The harvested cell pellets were 12.5 ml of lysis buffer (50 mM Tris, 300 mM NaCl, 1 mg / ml lysozyme), 1 mM PMSF (phenylmethylsulfonyl fluoride) and 0.5% Triton X-100, pH 8.0). The cells were resuspended and sonicated and crushed. The crushed crude cell extract was centrifuged at 14,000 rpm for 20 minutes and the supernatant was filtered, shaking with 1 ml of Ni-NTA beads for 1 hour at 4 ° C. Incubation was performed. The flow-through was removed and the beads washed three times with wash buffer (50 mM Tris, 300 mM NaCl and 20 mM imidazole, pH 8.0). The bound protein, ie Gaussian luciferase, was eluted with a linear gradient with an imidazole concentration in the wash buffer of 0-0.5M. Fractions containing the expressed protein, namely Gaussian luciferase, were dialysis and concentrated with 50 mM Tris and 50 mM NaCl, pH 8.0. Mutant proteins were also purified in a similar manner.

Example 1-4: G Luc ( Gaussia princeps  Characterization of Luciferase Mutants

Bioluminescence assay was performed using 100 μl of 50 mM Tris and 50 mM NaCl (pH 8.0) containing purified G Luc protein and coelenterazine substrate. It was. Briefly, wild-type (native type) coelenterazine (coelenterazine), or native-type of the 2-deoxy derivatives (2-deoxy derivative) is h - a coelenterazine (h -coelenterazine) solution (solution) 50㎕ each 50 μl of purified G Luc (final concentration 250 nM) was mixed and bioluminescence intensity was immediately measured at 400-600 nm wavelength using a plate reader. Compare mutant protein intensity with wild-type at 482 nm (maximum intensity wavelength, λ _max ) for bioluminescence intensity analysis, and bioluminescence for further characterization Candidates with increased intensity were selected.

Example 2: G Luc ( Gaussia princeps  Luciferase) Mutant Selection and Purification

Despite its widespread use, the major structural and functional features of G Luc are still unknown. The presence of two repeated catalytic domains, activated when expressed individually, was identified in G Luc (S. Inouye. Et.al. , Biochem . Biophys . Res. Commun . , 365: 96- 101, 2008). By using hydrophobicity search to compare the sequence similarity of the chomophore region of GFP (green fluorescent protein) and coelenterazine, the active site of G Luc ) Is located between 71-140 amino acid, a hydrophilic domain. In addition, several mutations (I90L (the 90th Isoleucine replaced with Leucine) and 8990) with enhanced bioluminescence intensity were proposed (SB Kim et . Al . , Anal. Chem . , 83: 8732-8740, 2011). Recently, molecular directed evolution studies on G Luc also improved the mutants (M60I (60) that exhibit glow-type light emission kinetics. It reported the substitution of Methionine as a second Isoleucine)) (CA Maguire et.al., Anal Chem, 81: 7102-7106, 2009; MH Degeling et.al., Anal Chem, 85:.... 3006-3012 , 2013). In these studies, all mutations were confined to the first domain, and it was reported that mutating the corresponding amino acids in the second domain had no additional effect (MH Degeling et.al. , Anal. Chem. , 85) . : 3006-3012, 2013).

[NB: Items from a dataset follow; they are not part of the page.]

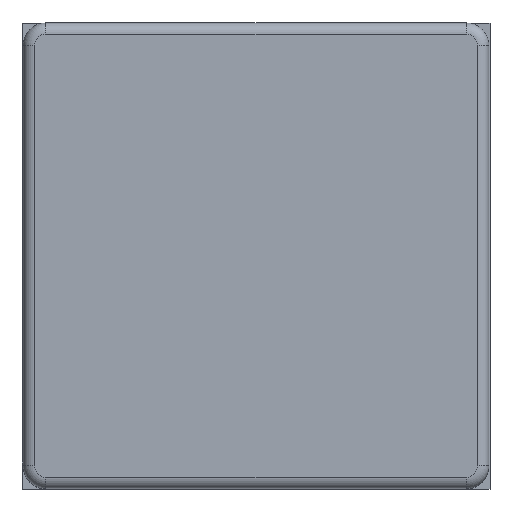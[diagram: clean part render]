
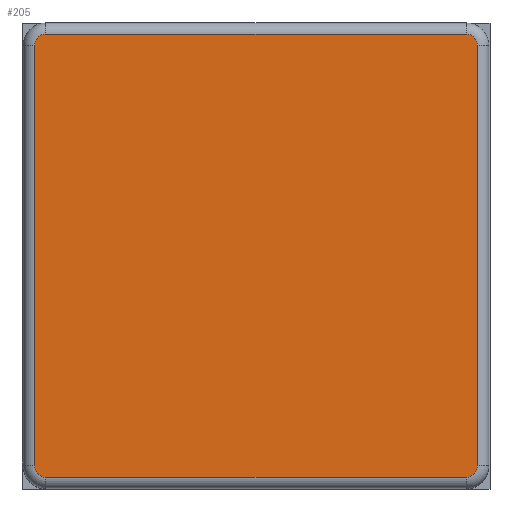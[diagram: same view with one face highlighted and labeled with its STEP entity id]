
A CAD part, top view. The second image highlights one B-rep face of the part: STEP entity #205.
In plain terms, the highlighted planar face has unit normal (0, 0, 1).
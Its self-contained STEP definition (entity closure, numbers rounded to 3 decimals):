
#13=DIRECTION('',(0.,0.,1.));
#36=DIRECTION('',(0.,-1.,0.));
#46=VECTOR('',#47,1.);
#47=DIRECTION('',(0.,1.,0.));
#51=DIRECTION('',(1.,0.,0.));
#74=DIRECTION('',(-0.,-0.,-1.));
#83=VERTEX_POINT('',#84);
#84=CARTESIAN_POINT('',(-1.95,-1.85,2.));
#90=EDGE_CURVE('',#83,#91,#93,.T.);
#91=VERTEX_POINT('',#92);
#92=CARTESIAN_POINT('',(-1.95,1.85,2.));
#93=LINE('',#84,#46);
#123=DIRECTION('',(0.,0.,-1.));
#124=DIRECTION('',(-1.,0.,0.));
#136=VECTOR('',#51,1.);
#153=VERTEX_POINT('',#154);
#154=CARTESIAN_POINT('',(-1.85,-1.95,2.));
#158=ORIENTED_EDGE('',*,*,#159,.F.);
#159=EDGE_CURVE('',#153,#83,#160,.T.);
#160=CIRCLE('',#161,0.1);
#161=AXIS2_PLACEMENT_3D('',#162,#74,#36);
#162=CARTESIAN_POINT('',(-1.85,-1.85,2.));
#177=VECTOR('',#178,1.);
#178=DIRECTION('',(-1.,-0.,-0.));
#205=ADVANCED_FACE('',(#206),#245,.T.);
#206=FACE_BOUND('',#207,.T.);
#207=EDGE_LOOP('',(#208,#158,#209,#214,#221,#228,#235,#240));
#208=ORIENTED_EDGE('',*,*,#90,.F.);
#209=ORIENTED_EDGE('',*,*,#210,.F.);
#210=EDGE_CURVE('',#211,#153,#213,.T.);
#211=VERTEX_POINT('',#212);
#212=CARTESIAN_POINT('',(1.85,-1.95,2.));
#213=LINE('',#212,#177);
#214=ORIENTED_EDGE('',*,*,#215,.F.);
#215=EDGE_CURVE('',#216,#211,#218,.T.);
#216=VERTEX_POINT('',#217);
#217=CARTESIAN_POINT('',(1.95,-1.85,2.));
#218=CIRCLE('',#219,0.1);
#219=AXIS2_PLACEMENT_3D('',#220,#123,#51);
#220=CARTESIAN_POINT('',(1.85,-1.85,2.));
#221=ORIENTED_EDGE('',*,*,#222,.F.);
#222=EDGE_CURVE('',#223,#216,#225,.T.);
#223=VERTEX_POINT('',#224);
#224=CARTESIAN_POINT('',(1.95,1.85,2.));
#225=LINE('',#224,#226);
#226=VECTOR('',#227,1.);
#227=DIRECTION('',(-0.,-1.,-0.));
#228=ORIENTED_EDGE('',*,*,#229,.F.);
#229=EDGE_CURVE('',#230,#223,#232,.T.);
#230=VERTEX_POINT('',#231);
#231=CARTESIAN_POINT('',(1.85,1.95,2.));
#232=CIRCLE('',#233,0.1);
#233=AXIS2_PLACEMENT_3D('',#234,#123,#47);
#234=CARTESIAN_POINT('',(1.85,1.85,2.));
#235=ORIENTED_EDGE('',*,*,#236,.F.);
#236=EDGE_CURVE('',#237,#230,#239,.T.);
#237=VERTEX_POINT('',#238);
#238=CARTESIAN_POINT('',(-1.85,1.95,2.));
#239=LINE('',#238,#136);
#240=ORIENTED_EDGE('',*,*,#241,.F.);
#241=EDGE_CURVE('',#91,#237,#242,.T.);
#242=CIRCLE('',#243,0.1);
#243=AXIS2_PLACEMENT_3D('',#244,#123,#124);
#244=CARTESIAN_POINT('',(-1.85,1.85,2.));
#245=PLANE('',#246);
#246=AXIS2_PLACEMENT_3D('',#247,#13,#51);
#247=CARTESIAN_POINT('',(-2.05,-2.05,2.));

Thus, we continued the functional study using G Luc's BLAST-search and closely from 21 copepod families with ~ 37-73% identity. Related luciferases were identified (FIG. 1). G Luc ( Gaussia Multiple sequence alignments of the copepod luciferase associated with princeps Luciferase confirmed that several highly conserved and consensus positions appeared (FIG. 1). In addition, the focus was on the first repeated domains 27-97 and the consensus position was chosen as the position for mutagenesis (indicated by the arrow in FIG. 1 below). The expression of G Luc in bacterial expression systems is known to be inhibited by the formation of five disulfide bonds. Ten cysteine residues present in G Luc are known to form five disulfide bonds and have been found to be the most conserved of luciferases in crustacean (copepods). Mutations of these cysteine residues are known to cause significant loss of G luc activity (AR Goerke et . Al . , Metab . Eng . , 10: 187-200, 2008).

Several attempts have been made to improve the soluble expression and purification of G Luc in bacterial systems (T. Rathnayaka et.al. , Biochim . Biophys . Acta . , 1814: 1775-1778, 2011; AR Goerke et.al., Metab Eng , 10: 187-200, 2008; T. Rathnayaka et.al., Biochim Biophys Acta, 1804:..... 1902-1907, 2010). Among them, Rathnayaka T et al. Reported that the insertion of SEP-tag (SEP-tag; 9 Aspartic acid (Asp) residues) at the C-terminus significantly increased water-soluble expression (T . Rathnayaka et.al., Biochim Biophys Acta, 1814:... 1775-1778, 2011).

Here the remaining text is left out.